Maksim Gaspari (26 January 1883 – 14 November 1980) was a Slovene painter best known for his paintings and illustrations as well as numerous postcards with folklore motifs and scenes from rural life.

Gaspari was born in Selšček above Cerknica in Inner Carniola in 1883. He studied drawing at the Academy of Fine Arts Vienna but was unable to support himself financially so he returned to Kamnik, where he lived before going to Vienna. Later he studied in Munich for a while and settled in Ljubljana in 1913, where he taught art. He died in Ljubljana in 1980.
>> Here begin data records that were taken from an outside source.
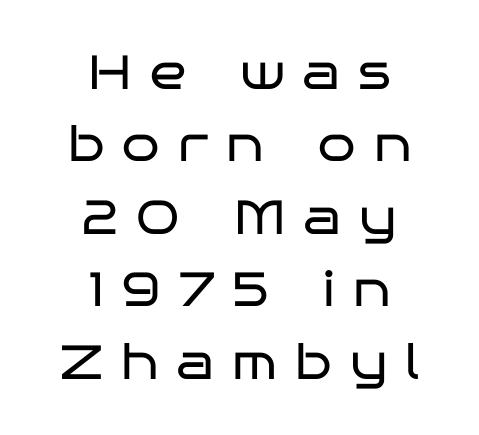
Q: Is the text bold? A: No.
Q: Is the text italic (slanted)? A: No, it is upright.
Q: Is the typeface a serif or a sans-serif typeface? A: Sans-serif.
Q: Is the text underlined? A: No.
Q: How is the paragraph aligned? A: Centered.
Q: Is the spacing between letters normal or unusually wide? A: Unusually wide.
Q: Is the spacing between lines tight, normal or loose? A: Normal.
Q: Width (condensed, normal, or wide)? A: Wide.
Q: Stroke contrast? A: Low.
Q: x-height? A: Large.
Q: Monospaced? A: No.
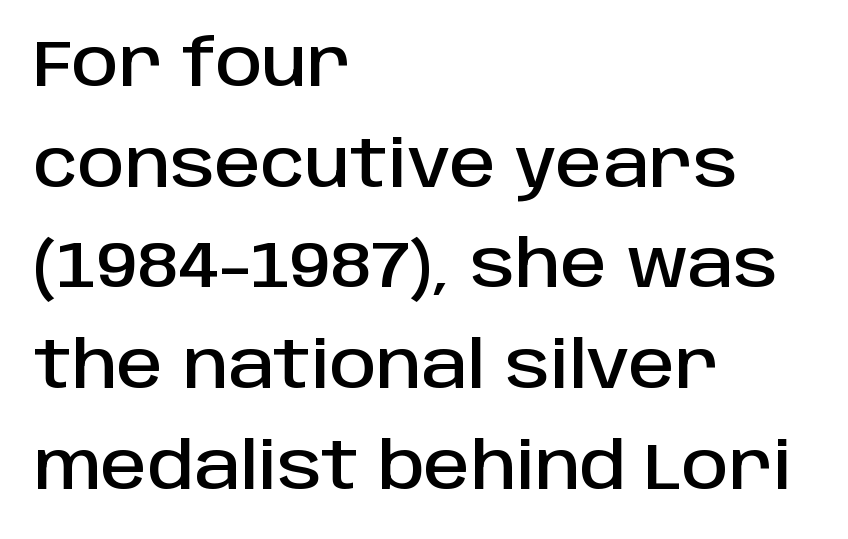
Q: Is the text italic (slanted)? A: No, it is upright.
Q: Is the typeface a serif or a sans-serif typeface? A: Sans-serif.
Q: Is the text underlined? A: No.
Q: How is the paragraph aligned? A: Left-aligned.
Q: Is the spacing between letters normal or unusually wide? A: Normal.
Q: Is the spacing between lines tight, normal or loose? A: Normal.
Q: Width (condensed, normal, or wide)? A: Normal.
Q: Stroke contrast? A: Low.
Q: x-height? A: Large.
Q: Monospaced? A: No.
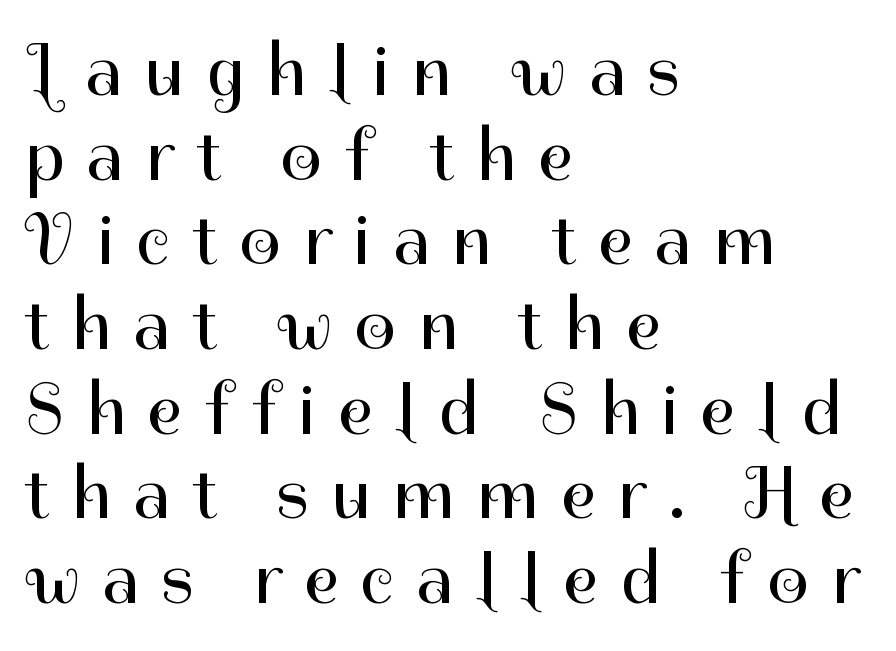
A classic flush-left, rag-right setting is used for this passage. These lines are rendered in a variable-pitch font. Characters remain perfectly vertical along every line. Inter-character spacing is expanded well beyond the font's built-in metrics. Stroke thickness stays within the range of a standard reading face or lighter. Unmarked baselines from the first word to the last.
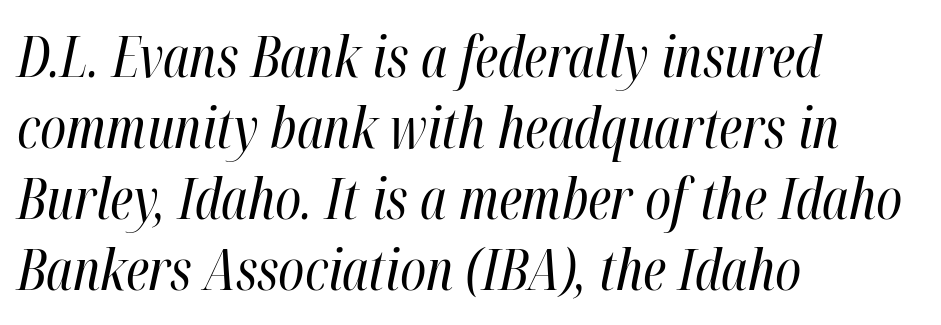
You could not count columns in this text — the font is proportionally spaced. Vertically, the passage feels balanced, rows spaced as you'd expect. Quick note: underline off. The passage shown is not bold in any degree. This sample uses plain, unmodified letter spacing.
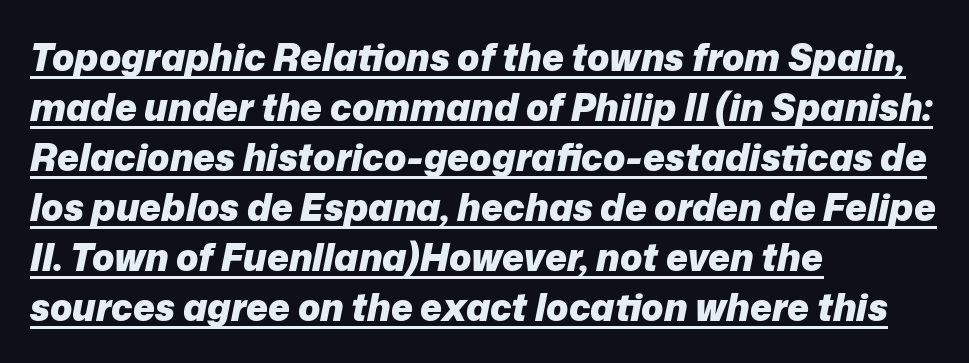
Q: Is the text bold? A: Yes.
Q: Is the text italic (slanted)? A: Yes, it leans right by about 12 degrees.
Q: Is the text underlined? A: Yes.
Q: How is the paragraph aligned? A: Left-aligned.
Q: Is the spacing between letters normal or unusually wide? A: Normal.
Q: Is the spacing between lines tight, normal or loose? A: Normal.
Q: Width (condensed, normal, or wide)? A: Normal.
Q: Stroke contrast? A: Low.
Q: x-height? A: Medium.
Q: Monospaced? A: No.
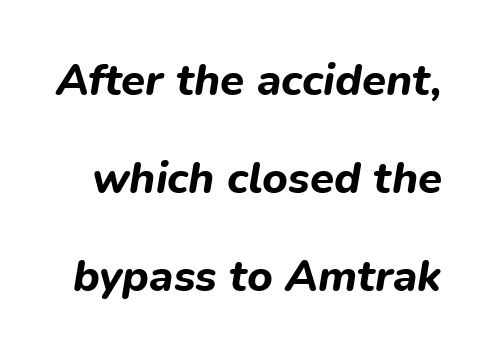
{"italic": "yes", "lean": "right", "slant_degrees": 9, "bold": "yes", "weight": "bold", "width": "normal", "stroke_contrast": "low", "x_height": "medium", "monospaced": "no", "underline": "no", "line_spacing": "loose", "line_spacing_ratio": 2.23, "letter_spacing": "normal", "letter_spacing_em": 0.0, "glyph_px": 44}
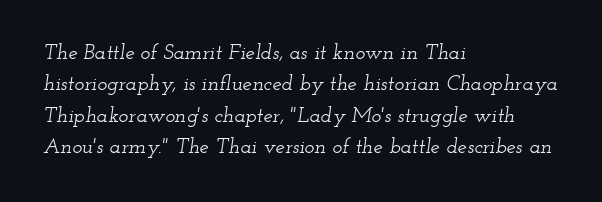
Q: Is the text italic (slanted)? A: Yes, it leans right by about 12 degrees.
Q: Is the text underlined? A: No.
Q: How is the paragraph aligned? A: Left-aligned.
Q: Is the spacing between letters normal or unusually wide? A: Normal.
Q: Is the spacing between lines tight, normal or loose? A: Normal.
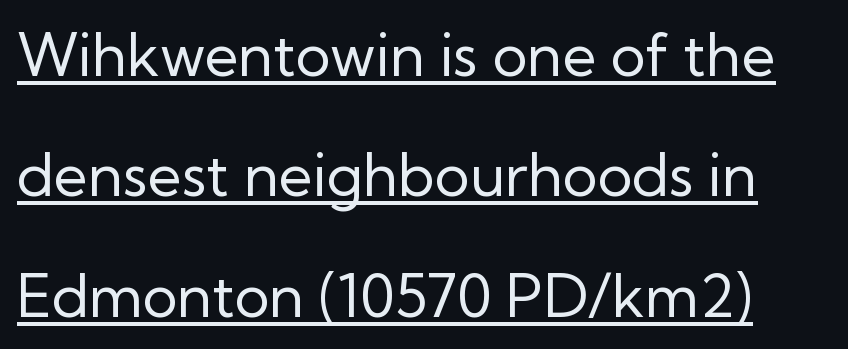
Think of a printed novel: that variable character pitch is what you see here. This sample uses plain, unmodified letter spacing. Nope, no serifs anywhere on these letters. If you measured baseline to baseline, you'd find a long distance. You can see a thin bar hugging the bottom of the glyphs. The face looks like a standard text weight, possibly lighter.
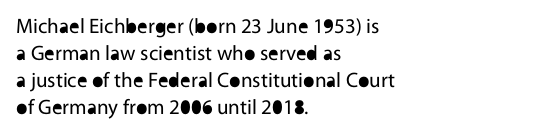
These lines keep a tight, regular rhythm from letter to letter. The rows are spaced the way most documents space them. Nothing heavy about these letters — not bold at all. A roman cut, with each character standing at attention. Check under the words: just untouched page. All the whitespace from short lines collects on the right.
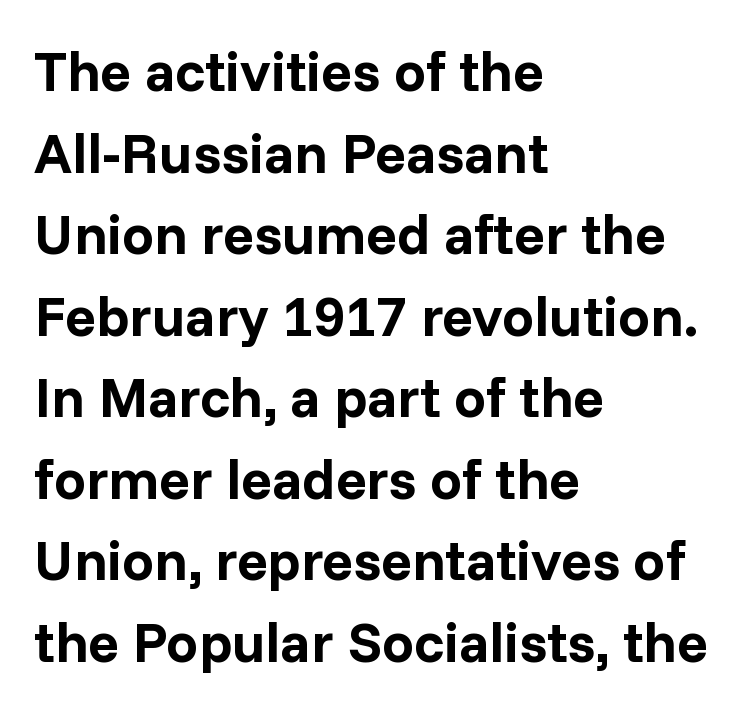
{"serif": "no", "italic": "no", "bold": "yes", "weight": "bold", "width": "normal", "stroke_contrast": "low", "x_height": "medium", "monospaced": "no", "underline": "no", "align": "left", "line_spacing": "normal", "line_spacing_ratio": 1.43, "letter_spacing": "normal", "letter_spacing_em": 0.0, "glyph_px": 57}
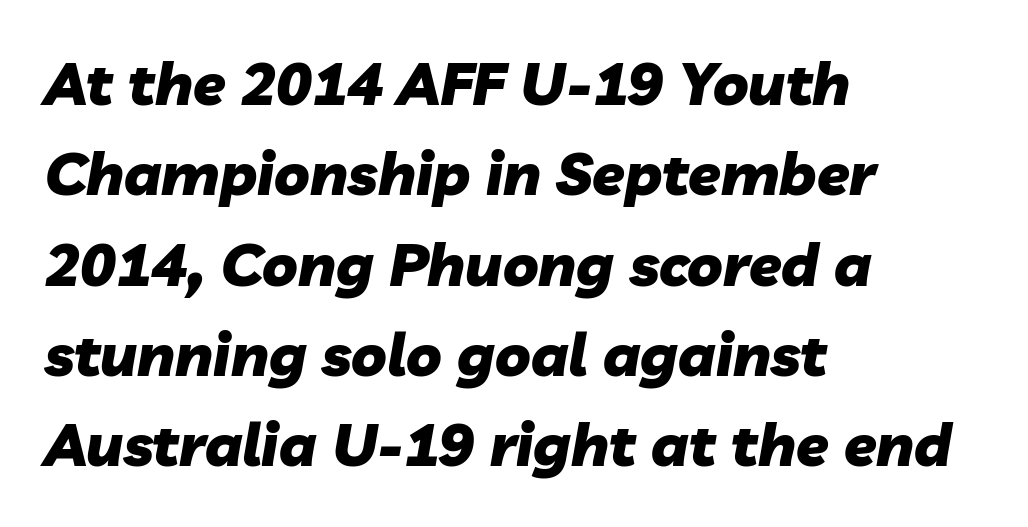
{"italic": "yes", "lean": "right", "slant_degrees": 10, "bold": "yes", "weight": "heavy", "width": "normal", "stroke_contrast": "low", "x_height": "medium", "monospaced": "no", "underline": "no", "align": "left", "line_spacing": "normal", "line_spacing_ratio": 1.53, "letter_spacing": "normal", "letter_spacing_em": 0.0, "glyph_px": 59}
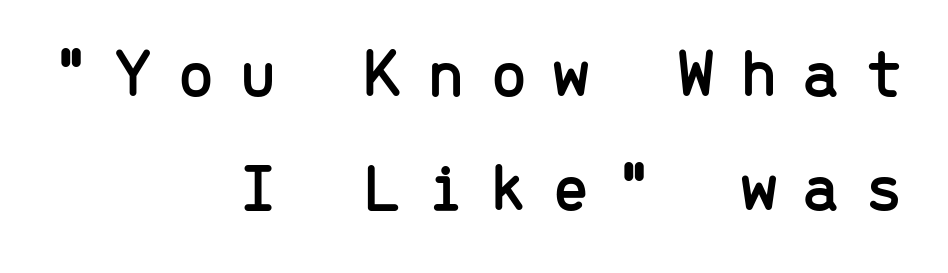
{"serif": "no", "italic": "no", "width": "normal", "stroke_contrast": "low", "x_height": "medium", "monospaced": "yes", "underline": "no", "align": "right", "line_spacing": "normal", "line_spacing_ratio": 1.67, "letter_spacing": "wide", "letter_spacing_em": 0.36, "glyph_px": 68}
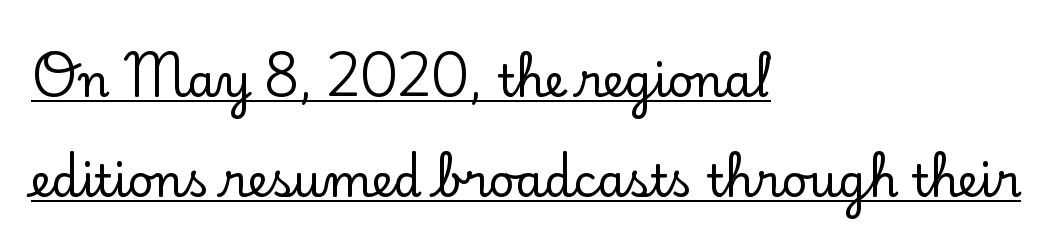
{"serif": "yes", "italic": "no", "width": "normal", "stroke_contrast": "low", "x_height": "small", "monospaced": "no", "underline": "yes", "align": "left", "line_spacing": "loose", "line_spacing_ratio": 2.22, "letter_spacing": "normal", "letter_spacing_em": 0.0, "glyph_px": 45}
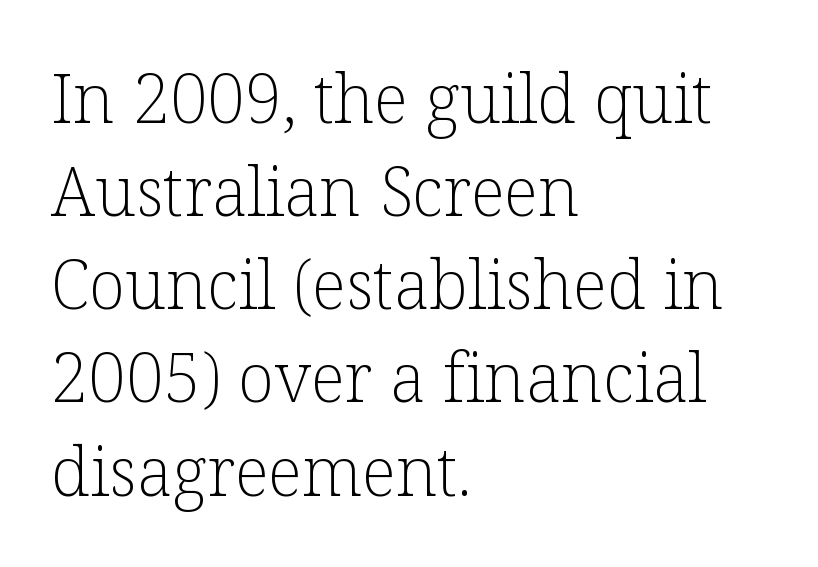
{"serif": "yes", "italic": "no", "bold": "no", "weight": "light", "width": "normal", "stroke_contrast": "low", "x_height": "medium", "monospaced": "no", "underline": "no", "align": "left", "line_spacing": "normal", "line_spacing_ratio": 1.39, "letter_spacing": "normal", "letter_spacing_em": 0.0, "glyph_px": 67}
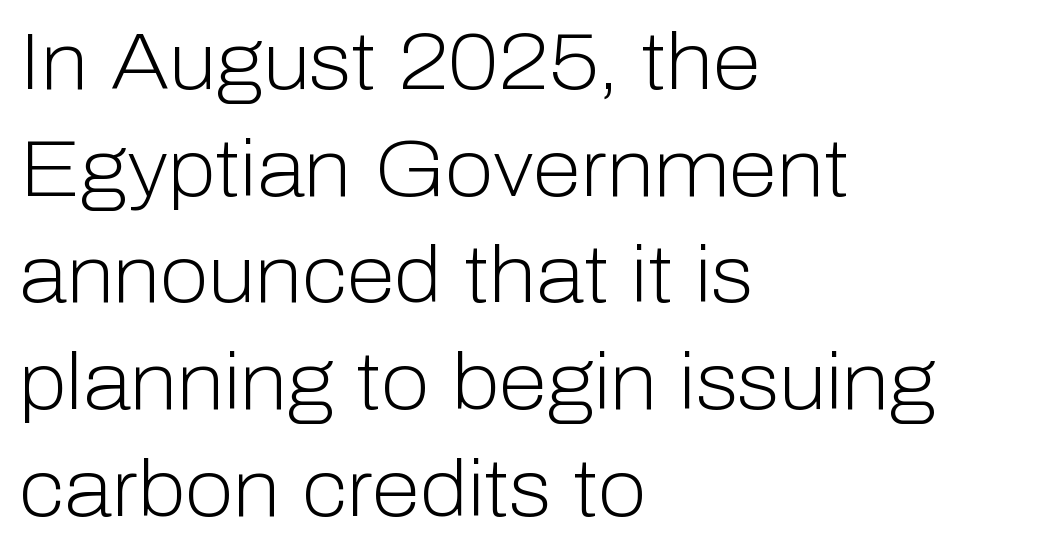
The image shows 79 px light sans-serif type, upright; set left-aligned, normal line spacing (1.35x), normal letter spacing, not underlined; low stroke contrast and a medium x-height.
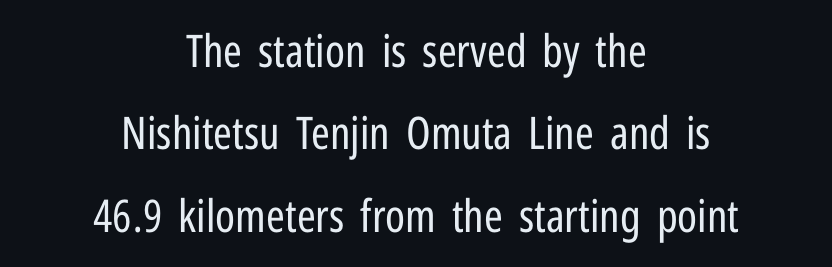
Q: Is the text bold? A: No.
Q: Is the text italic (slanted)? A: No, it is upright.
Q: Is the typeface a serif or a sans-serif typeface? A: Sans-serif.
Q: Is the text underlined? A: No.
Q: How is the paragraph aligned? A: Centered.
Q: Is the spacing between letters normal or unusually wide? A: Normal.
Q: Width (condensed, normal, or wide)? A: Condensed.
Q: Stroke contrast? A: Low.
Q: x-height? A: Medium.
Q: Monospaced? A: No.
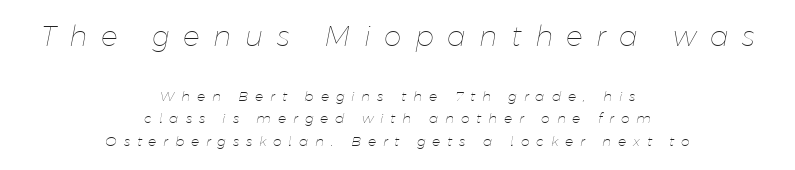
{"italic": "yes", "lean": "right", "slant_degrees": 11, "bold": "no", "weight": "thin", "width": "normal", "stroke_contrast": "low", "x_height": "medium", "monospaced": "no", "underline": "no", "align": "center", "line_spacing": "normal", "line_spacing_ratio": 1.62, "letter_spacing": "wide", "letter_spacing_em": 0.48, "larger_block": "first", "size_ratio": 2.0, "glyph_px": 28}
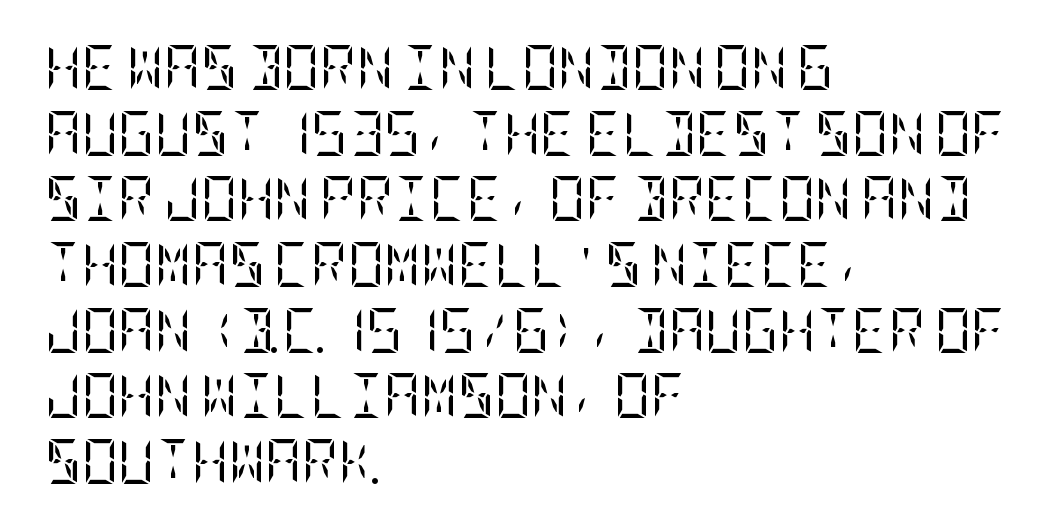
The image shows 45 px regular-weight, condensed serif type, upright; set left-aligned, normal line spacing (1.46x), normal letter spacing, not underlined; low stroke contrast and a large x-height.
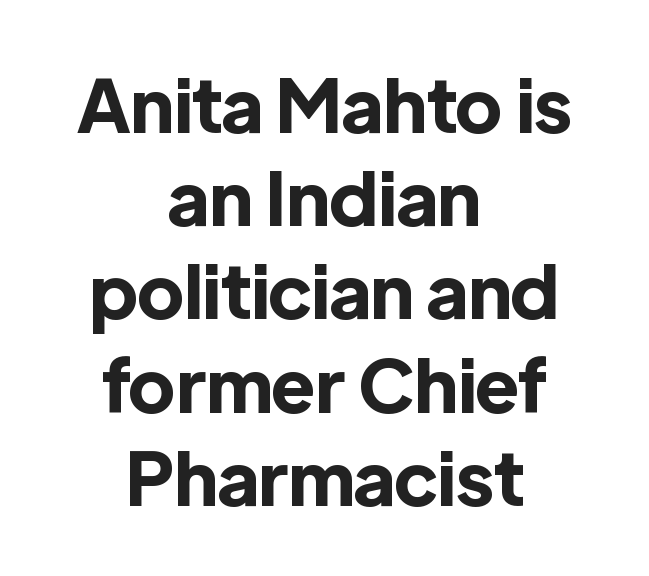
The image shows 74 px bold sans-serif type, upright; set centered, normal line spacing (1.26x), normal letter spacing, not underlined; a medium x-height.
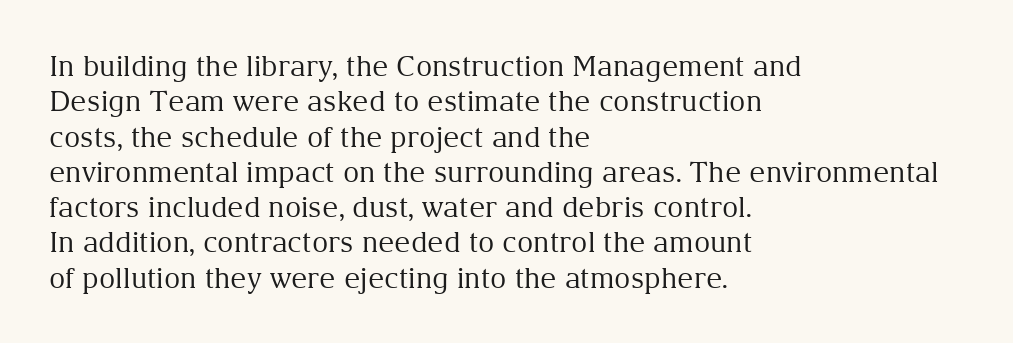
The image shows 28 px regular-weight serif type, upright; set left-aligned, normal line spacing (1.26x), normal letter spacing, not underlined; medium stroke contrast and a medium x-height.

Gaspari is today best known for his postcards with rural motifs and greetings as well as political messages. A collection of his postcards is held by the National and University Library in Ljubljana. He also illustrated numerous books and journals. He won the Levstik Award in 1949 for his illustrations of Korney Chukovsky's Čuri-Muri velikan (The Monster Cockroach). In 1953 he received the Prešeren Award for his achievements in painting.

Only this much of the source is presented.